Godbolt, showing GCC can do it.
Could there be a VectorizedArray
that implements @turbo
versions of Base functions?
In this specific example, it seems like we could do it for regular old Array
s once we fix an LLVM bug. That said, in general, this should be pretty easy to write.
StrideArrays.jl is still a bit of a WIP, but it’s trying to do that:
julia> using StrideArrays
julia> x = StrideArray{Float64}(undef, (128, 3)); x .= rand.();
julia> xstatic = @StrideArray rand(128,3);
julia> xpartiallystatic = StrideArray{Float64}(undef, (StaticInt(128), 3)); xpartiallystatic .= rand.();
julia> y = rand(128,3);
julia> @btime minimum(@view $y[:,2])
355.231 ns (0 allocations: 0 bytes)
0.017097150232982306
julia> @btime minimum(@view $x[:,2])
16.872 ns (0 allocations: 0 bytes)
0.4937004891138578
julia> @btime minimum(@view $xstatic[:,2])

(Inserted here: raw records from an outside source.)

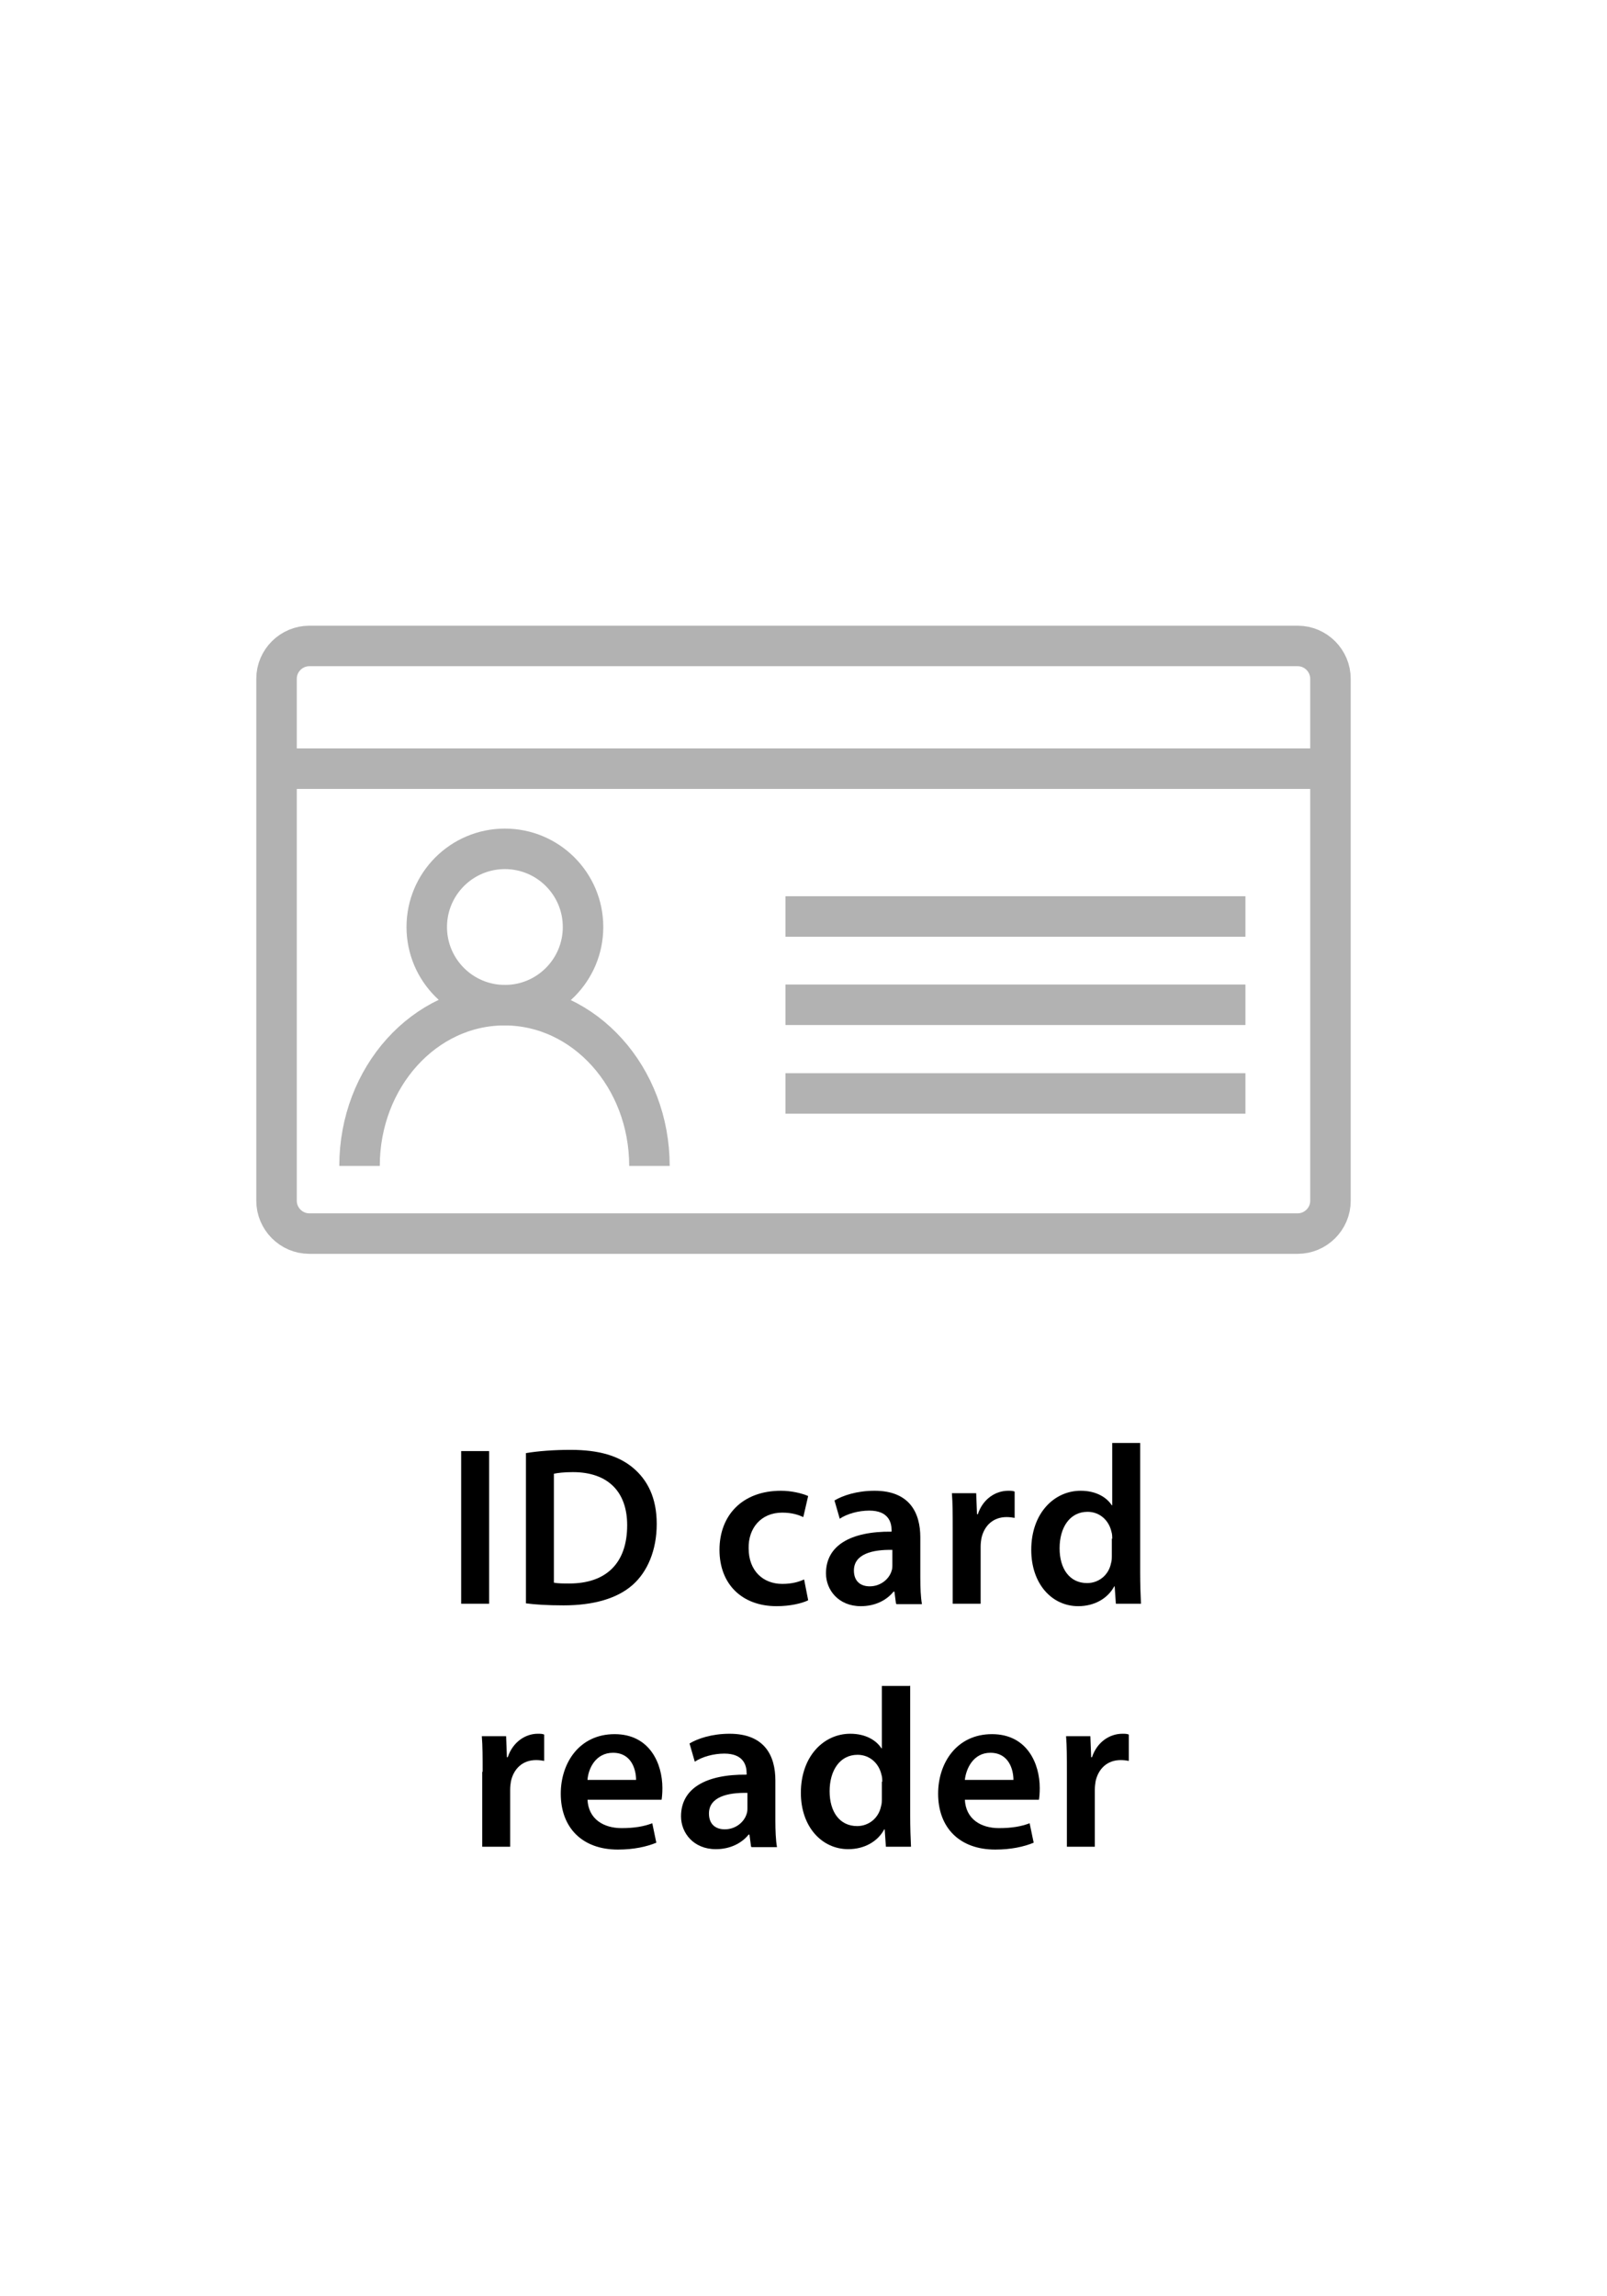 <?xml version="1.0" encoding="UTF-8"?>
<svg id="Layer_2" data-name="Layer 2" xmlns="http://www.w3.org/2000/svg" viewBox="0 0 39.69 56.69">
  <g id="Layer_1-2" data-name="Layer 1">
    <g id="sitecom-icon-back-idcard">
      <g>
        <path d="m12.08,35.83v3.77h-.69v-3.77h.69Z"/>
        <path d="m12.99,35.88c.3-.05.69-.08,1.1-.08.71,0,1.19.15,1.54.44.36.3.59.74.59,1.39s-.23,1.18-.59,1.5c-.38.34-.97.51-1.71.51-.4,0-.71-.02-.93-.05v-3.71Zm.69,3.2c.1.02.24.02.38.02.9,0,1.43-.49,1.43-1.44,0-.83-.48-1.31-1.34-1.31-.22,0-.38.02-.47.04v2.7Z"/>
        <path d="m19.95,39.52c-.15.07-.43.14-.77.14-.85,0-1.41-.54-1.41-1.39s.56-1.46,1.52-1.46c.25,0,.51.06.67.13l-.12.52c-.11-.05-.27-.11-.52-.11-.53,0-.84.39-.83.88,0,.56.36.88.83.88.24,0,.41-.05.54-.11l.1.51Z"/>
        <path d="m22.13,39.6l-.04-.3h-.02c-.17.21-.45.36-.81.36-.55,0-.86-.4-.86-.81,0-.69.61-1.04,1.62-1.03v-.04c0-.18-.07-.48-.55-.48-.27,0-.55.08-.73.2l-.13-.45c.2-.12.55-.24.99-.24.87,0,1.13.55,1.13,1.15v.99c0,.25.01.49.04.66h-.62Zm-.09-1.33c-.49-.01-.95.1-.95.51,0,.27.17.39.39.39.27,0,.48-.18.54-.38.02-.05.02-.11.02-.15v-.38Z"/>
        <path d="m23.53,37.75c0-.37,0-.63-.02-.88h.6l.02.52h.02c.13-.39.45-.58.75-.58.07,0,.11,0,.16.02v.65c-.06-.01-.12-.02-.2-.02-.33,0-.55.21-.62.52-.01.06-.02.13-.02.21v1.41h-.69v-1.85Z"/>
        <path d="m28.16,35.62v3.21c0,.28.01.58.02.77h-.62l-.03-.43h-.01c-.16.3-.49.49-.89.49-.65,0-1.16-.55-1.16-1.39,0-.91.57-1.46,1.22-1.46.38,0,.64.16.77.36h.01v-1.54h.69Zm-.69,2.38c0-.06,0-.12-.02-.18-.06-.27-.28-.49-.59-.49-.44,0-.69.39-.69.9s.25.86.68.86c.28,0,.53-.19.59-.49.02-.06.02-.13.02-.2v-.41Z"/>
        <path d="m11.92,43.75c0-.37,0-.63-.02-.88h.6l.02.52h.02c.13-.39.45-.58.74-.58.07,0,.11,0,.16.02v.65c-.06-.01-.12-.02-.2-.02-.33,0-.55.21-.62.52-.01.06-.02.13-.02.21v1.41h-.69v-1.85Z"/>
        <path d="m14.51,44.43c.02.49.4.71.84.71.32,0,.55-.04.76-.12l.1.48c-.24.1-.56.17-.95.17-.88,0-1.41-.54-1.41-1.38,0-.76.46-1.47,1.33-1.47s1.18.73,1.18,1.33c0,.13-.01.23-.02.29h-1.83Zm1.2-.48c0-.25-.11-.67-.57-.67-.43,0-.61.39-.63.67h1.2Z"/>
        <path d="m18.55,45.6l-.04-.3h-.02c-.17.21-.45.36-.81.36-.55,0-.86-.4-.86-.81,0-.69.61-1.04,1.62-1.03v-.04c0-.18-.07-.48-.55-.48-.27,0-.55.08-.73.2l-.13-.45c.2-.12.55-.24.99-.24.87,0,1.13.55,1.13,1.15v.99c0,.25.01.49.04.66h-.62Zm-.09-1.33c-.49-.01-.95.1-.95.51,0,.27.17.39.39.39.27,0,.48-.18.54-.38.02-.05.02-.11.02-.15v-.38Z"/>
        <path d="m22.48,41.62v3.21c0,.28.01.58.02.77h-.62l-.03-.43h-.01c-.16.3-.49.49-.89.49-.65,0-1.17-.55-1.17-1.39,0-.91.57-1.46,1.22-1.46.38,0,.64.16.77.36h.01v-1.54h.69Zm-.69,2.38c0-.06,0-.12-.02-.18-.06-.27-.28-.49-.59-.49-.44,0-.69.39-.69.9s.25.86.68.86c.28,0,.53-.19.59-.49.02-.06.02-.13.02-.2v-.41Z"/>
        <path d="m23.83,44.43c.02.49.4.71.84.71.32,0,.55-.04.76-.12l.1.48c-.24.1-.56.17-.95.17-.88,0-1.41-.54-1.41-1.38,0-.76.46-1.47,1.33-1.47s1.18.73,1.18,1.33c0,.13-.01.23-.02.29h-1.83Zm1.2-.48c0-.25-.11-.67-.57-.67-.42,0-.6.39-.63.67h1.2Z"/>
        <path d="m26.35,43.75c0-.37,0-.63-.02-.88h.6l.02.52h.02c.13-.39.45-.58.75-.58.07,0,.11,0,.16.02v.65c-.06-.01-.12-.02-.2-.02-.33,0-.55.21-.62.52-.01.06-.02.13-.02.21v1.41h-.69v-1.85Z"/>
      </g>
      <rect id="Box-8" x=".02" width="39.64" height="56.69" fill="none"/>
      <g>
        <line x1="19.4" y1="22.63" x2="30.76" y2="22.63" fill="none" stroke="#b2b2b2" stroke-miterlimit="10" stroke-width="1"/>
        <line x1="19.4" y1="24.81" x2="30.76" y2="24.81" fill="none" stroke="#b2b2b2" stroke-miterlimit="10" stroke-width="1"/>
        <line x1="19.4" y1="27" x2="30.76" y2="27" fill="none" stroke="#b2b2b2" stroke-miterlimit="10" stroke-width="1"/>
        <path d="m6.83,29.65c0,.44.36.81.81.81h24.41c.44,0,.81-.36.81-.81v-12.89c0-.44-.36-.81-.81-.81H7.64c-.44,0-.81.36-.81.81v12.89Z" fill="none" stroke="#b2b2b2" stroke-miterlimit="10" stroke-width="1"/>
        <line x1="32.86" y1="18.98" x2="6.83" y2="18.98" fill="none" stroke="#b2b2b2" stroke-miterlimit="10" stroke-width="1"/>
        <g>
          <circle cx="12.47" cy="22.89" r="1.93" fill="none" stroke="#b2b2b2" stroke-miterlimit="10" stroke-width="1"/>
          <path d="m8.88,28.79c0-2.19,1.6-3.97,3.58-3.97s3.58,1.78,3.58,3.97" fill="none" stroke="#b2b2b2" stroke-miterlimit="10" stroke-width="1"/>
        </g>
      </g>
    </g>
  </g>
</svg>

11.496 ns (0 allocations: 0 bytes)
0.00474131798286026
julia> @btime minimum(@view $xpartiallystatic[:,2])
18.281 ns (0 allocations: 0 bytes)
0.7472262476315941
Still looking at LLVM src, but so far I found this for AArch64:
bool AArch64TTIImpl::isLegalToVectorizeReduction(
const RecurrenceDescriptor &RdxDesc, ElementCount VF) const {
if (!VF.isScalable())
return true;
Type *Ty = RdxDesc.getRecurrenceType();
if (Ty->isBFloatTy() || !isElementTypeLegalForScalableVector(Ty))
return false;
switch (RdxDesc.getRecurrenceKind()) {
case RecurKind::Add:
case RecurKind::FAdd:
case RecurKind::And:
case RecurKind::Or:
case RecurKind::Xor:
case RecurKind::SMin:
case RecurKind::SMax:
case RecurKind::UMin:
case RecurKind::UMax:
case RecurKind::FMin:
case RecurKind::FMax:
return true;
default:
return false;
}
}
FMin
and FMax
are listed among legal reductions.
It doesn’t vectorize on my M1.
L36:
ldr d1, [x9], #8
fcmp d0, d1
fcsel d0, d0, d1, mi
subs x8, x8, #1 ; =1
b.ne L36
To actually track things down efficiently would probably require using something like gdb to try and step through what it’s doing?